Sekazi Kauze Mtingwa:[1] (born Michael Von Sawyer;[2] October 20, 1949) is an American theoretical high-energy physicist. He is a co-recipient of the 2017 Robert R. Wilson Prize for Achievement in the Physics of Particle Accelerators.[3][4] He is the first African-American to be awarded the prize.[1] Mtingwa was elected a Fellow of the American Physical Society (APS) [5] in 2008 for "his definitive treatment of Intrabeam scattering, his contributions to the wakefield acceleration, and his early recognition of the fixed target physics potential of the next generation electron-positron collider."[6] He also co-founded the National Society of Black Physicists in 1977 [5] and served in various other national and international initiatives.

Early life and education[edit]

Mtingwa was born in Atlanta, Georgia on October 20, 1949. His father was a Lockheed assembly line worker, and his mother was a nurse's assistant.[7]

He attended segregated schools until 10th grade. In that year, the Georgia State Science Fair was integrated, and Mtingwa won first place in biology. He was the first African-American to win.[7] His prize included books in science, mathematics, and engineering, including three books on Einstein's theory of special relativity, which inspired him to pursue physics as a career.[8]

He studied physics and pure mathematics at the Massachusetts Institute of Technology (MIT), where he received B.S. degrees in both subjects in 1971. While an undergraduate, he helped found the Interphase EDGE (then Project Interphase) program to prepare incoming students in subjects such as physics and math. He was also involved in the student protests of the late 1960s.[9] Afterwards, he joined graduate school at Princeton University, where he earned a Ph. D. degree in theoretical high energy physics in 1976.[10] The title of his PhD thesis is "Asymptotic chiral invariance and its consequences,"[11] which he completed under the supervision of Curtis Callan.[7] While in graduate school, he changed his name from Michael Von Sawyer to Sekazi Kauze Mtingwa, a Tanzanian name.[2]
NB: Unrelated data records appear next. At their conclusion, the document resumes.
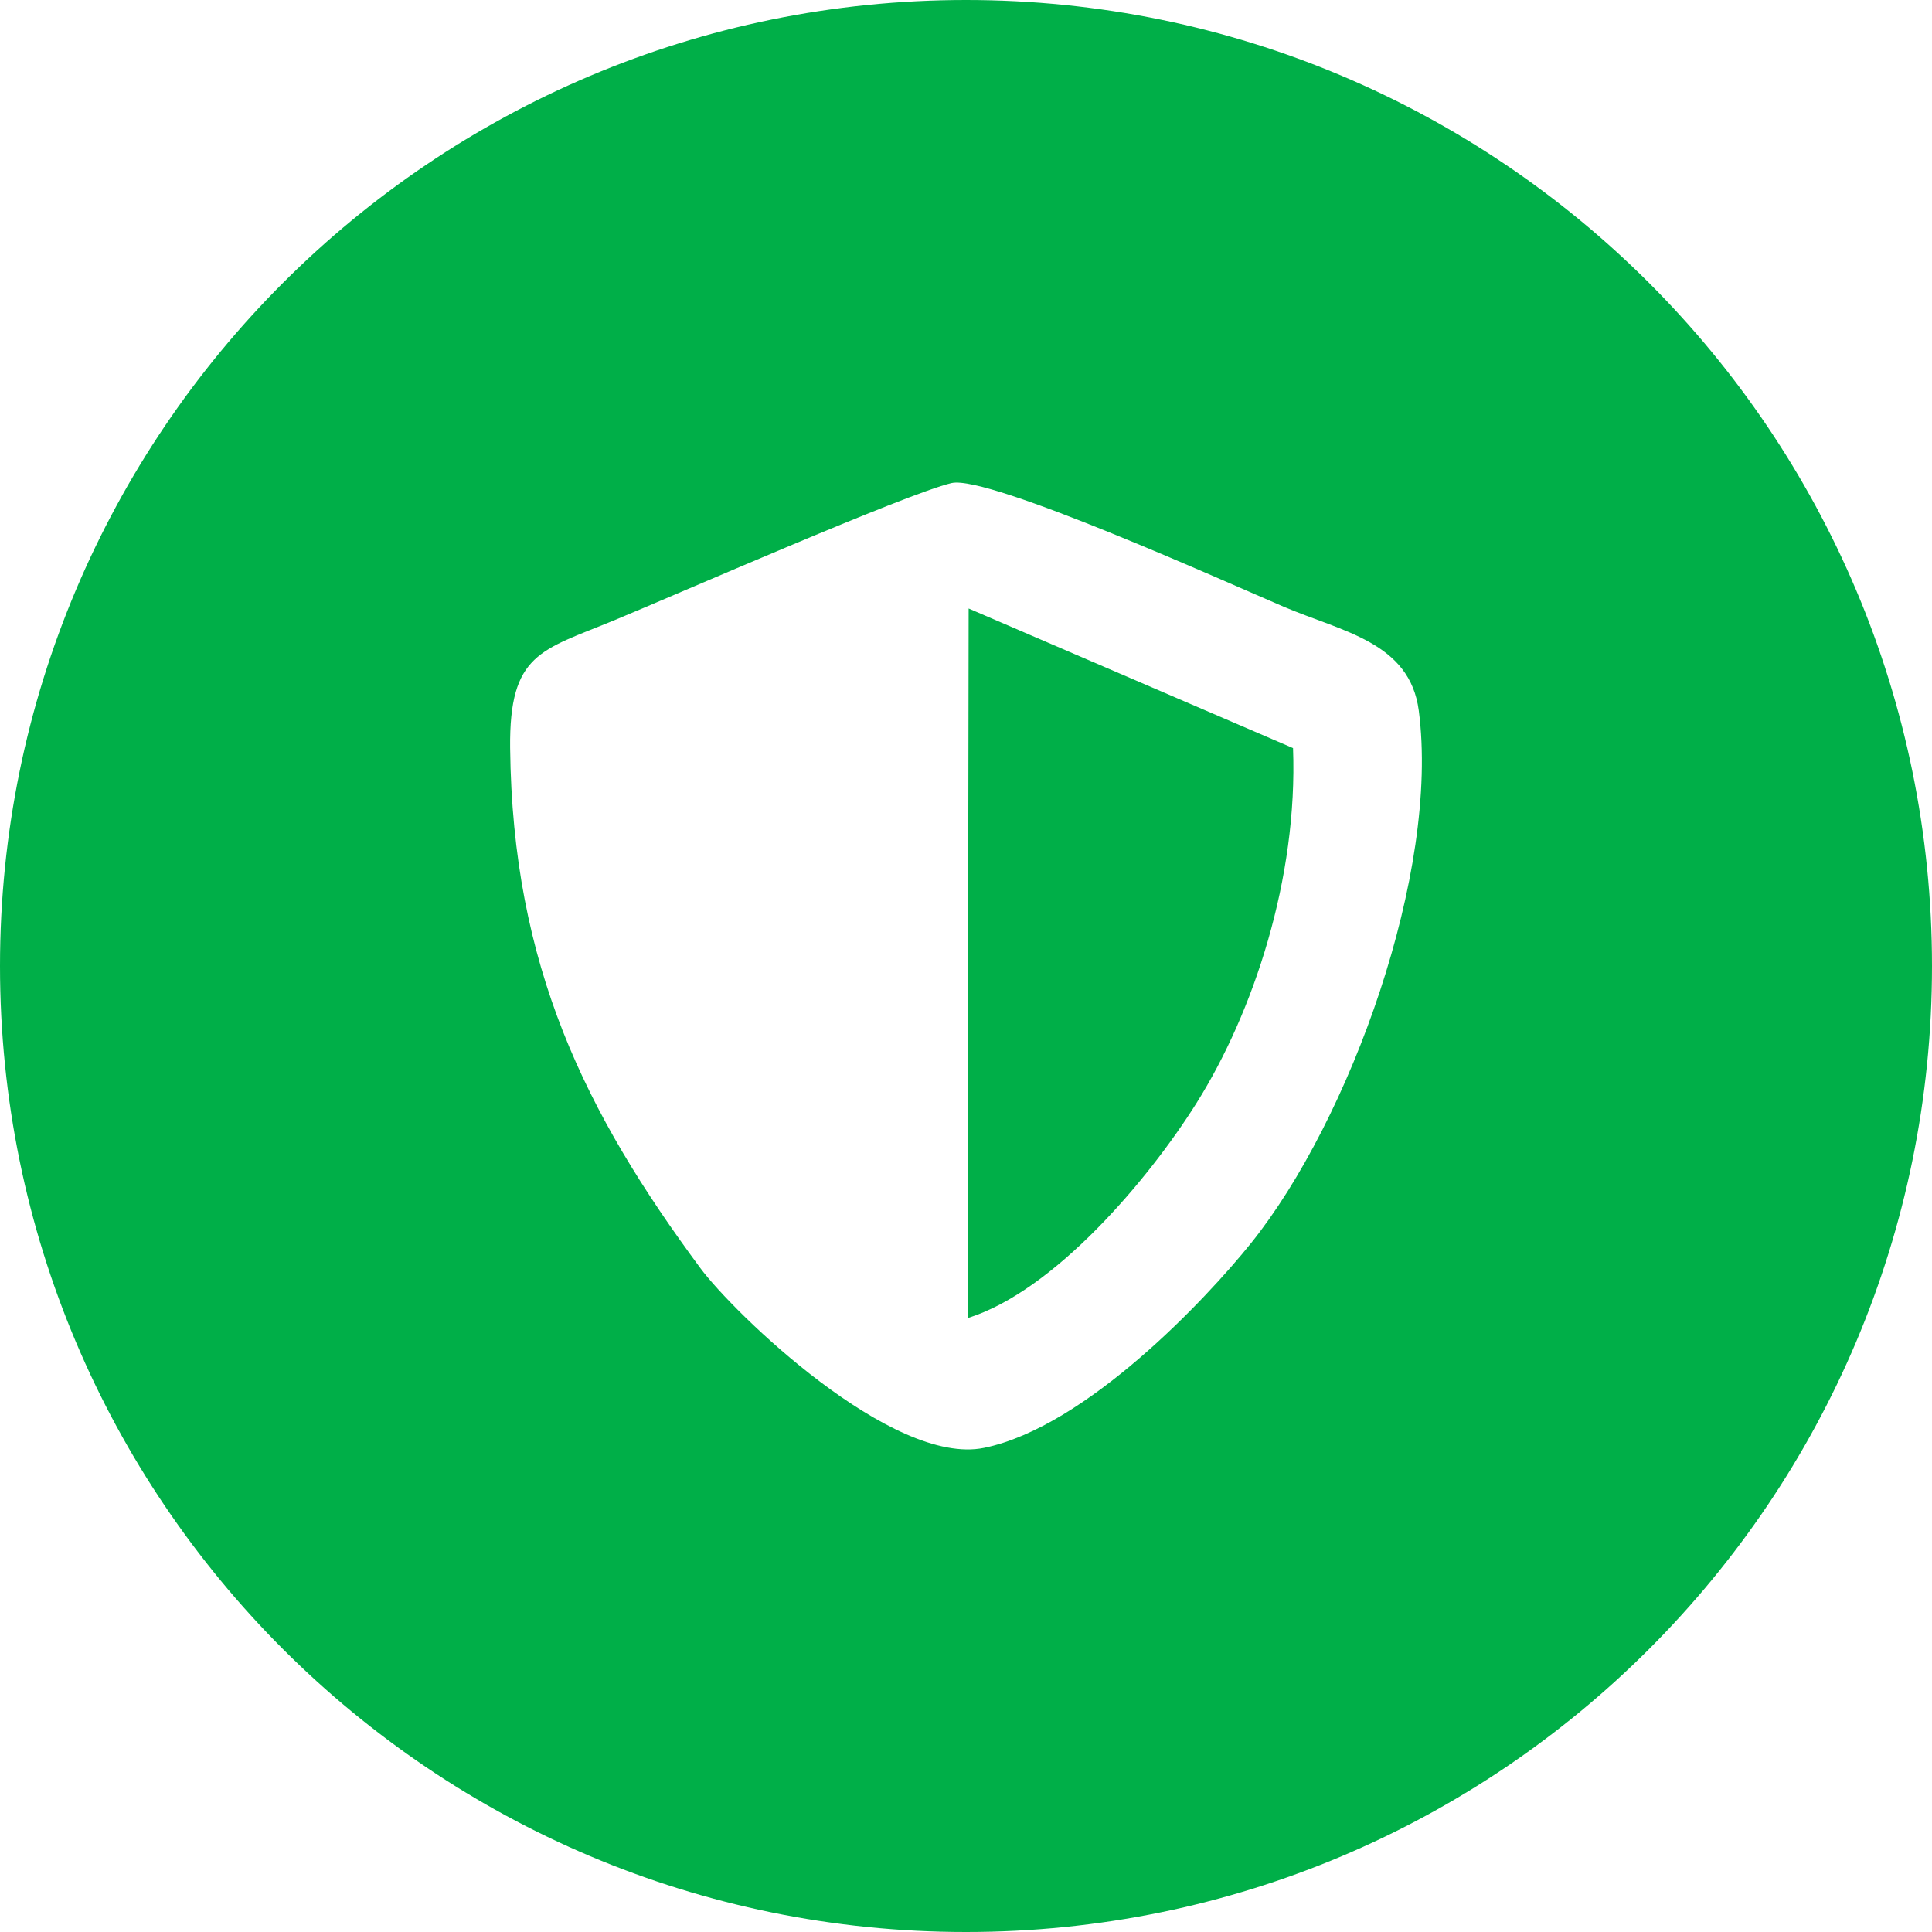 <?xml version="1.0" encoding="UTF-8"?>
<!DOCTYPE svg PUBLIC "-//W3C//DTD SVG 1.1//EN" "http://www.w3.org/Graphics/SVG/1.1/DTD/svg11.dtd">
<!-- Creator: CorelDRAW 2021 (64-Bit) -->
<svg xmlns="http://www.w3.org/2000/svg" xml:space="preserve" width="66.094mm" height="66.094mm" version="1.1" shape-rendering="geometricPrecision" text-rendering="geometricPrecision" image-rendering="optimizeQuality" fill-rule="evenodd" clip-rule="evenodd"
viewBox="0 0 864.06 864.06"
 xmlns:xlink="http://www.w3.org/1999/xlink"
 xmlns:xodm="http://www.corel.com/coreldraw/odm/2003">
 <g id="Слой_x0020_1">
  <path fill="#00AF48" d="M432.03 0c238.61,0 432.03,193.43 432.03,432.03 0,238.61 -193.43,432.03 -432.03,432.03 -238.61,0 -432.03,-193.43 -432.03,-432.03 0,-238.61 193.43,-432.03 432.03,-432.03zm-6.46 216.04c-20.42,4.83 -123.3,49.99 -151.3,61.55 -32.22,13.3 -46.57,14.54 -46.12,56.91 1.05,97.71 33.75,163.3 85.07,232.64 14.84,20.06 85.85,88.81 126.9,80.39 45.72,-9.38 99.59,-66.87 119.41,-91.57 44.2,-55.08 84.44,-165.94 75,-238.16 -3.99,-30.53 -34.02,-35.25 -60.19,-46.36 -23.31,-9.9 -132.35,-59.27 -148.77,-55.39zm7.15 373.47c38.78,-12.04 80.91,-61.96 102.39,-96.16 25.49,-40.58 45.37,-100.54 43.18,-158.77l-145.08 -62.44 -0.49 317.36z"/>
 </g>
</svg>

After graduating from Princeton, Mtingwa took a research associate position, which turned into a part-time assistant professorship including some teaching duties, from Susumu Okubo at the University of Rochester.[2] There in Rochester, Mtingwa met and soon married Estella Johnson.[1][2] In 1978, he took a post-doctoral research position at the University of Maryland, College Park in the Center for Theoretical Physics.

Mtingwa received a Ford Foundation fellowship in 1980 and took it to Fermilab in Illinois for a one-year postdoctoral position, and became a research physicist there in 1981.[2] In joint work with James Bjorken, an American theoretical physicist who is Emeritus Professor at the Stanford Linear Accelerator Center, he developed a theory of "intrabeam scattering" in particle accelerators.[12][13] [14] For this work, he was awarded the 2017 Robert R. Wilson Prize for Achievement in the Physics of Particle Accelerators,[3] since that theory "empowered major discoveries in a broad range of disciplines by a wide variety of accelerators, including hadron colliders, damping rings/linear colliders, and low emittance synchrotron light sources."[3]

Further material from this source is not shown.